Something those tree ring guys ought to read up on. You know the ones, the ones who gave us the hockey stick. Not the hockey stick Sid the Kid uses – the other “Hockey Stick.” Thank god for retired Canadian mining engineers who have a love of statistics.
This is a great thread if you follow it. With Pascal you get Torricelli and the barometer and Torricelli’s famous quote “we live submerged at the bottom of an ocean of air.” You also get Galileo - Torricelli and Galileo were friends – and you also get Edward Buckingham. Buckingham took a run at the water in well thing 300 years after Pascal. Buckingham was an amazing guy, a physicist with the U.S. Department of Agriculture who studied gas and water in soils. He figured out unsaturated flows and capillary action in porous media like soils. He is the reason that us Civil Engineers know so much about moisture transport in porous materials – and therefore why Building Science – whose core focus is often moisture transport in porous materials - is a discipline in the Department of Civil Engineering in Canadian universities. Buckingham is also famous for the Buckingham π Theorem in dimensional analysis. He is also known to those of us who are also Aerospace Engineers – he famously argued that jet propulsion would never be economically competitive with prop driven aircraft – he was a Harvard grad after all, and you expect this type of analysis from Harvard grads. And what is it with the USDA and physicists? How come the really great ones end up at the USDA? Like our own Anton TenWolde? You make us ASHRAE types proud Anton.

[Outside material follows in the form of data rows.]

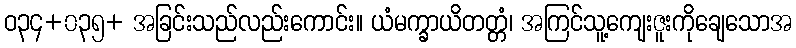
ဝ၃၄+၀၃၅+ အခြင်းသည်လည်းကောင်း။ ယံမက္ခာယိတတ္တံ၊ အကြင်သူ့ကျေးဇူးကိုချေသောအ
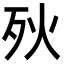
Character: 𣧛
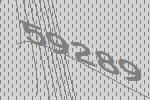
59289
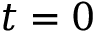
t = 0
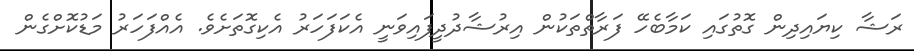
ރަޝާ ކިޔައިދިން ގޮތުގައި ކަމާބެހޭ ފަރާތްތަކުން އިރުޝާދުދީފައިވަނީ އެކަފަހަރު އެކިގޮތަށެވެ. އެއްފަހަރު މަޑުކޮށްގެން

Yes, I have heard about hurricanes and nor’easters. But they are not common and buildings are expected to leak during these events. Buildings are not expected to blow away and people in them are not expected to die during these events. But they are going to get wet. Get over the wet thing. Things can dry. Especially if you design and build them to dry. Sheesh.
A classic “Straubism” – named after John Straube, University of Waterloo, a Professor at an engineering school not quite as good as the one at the University of Toronto.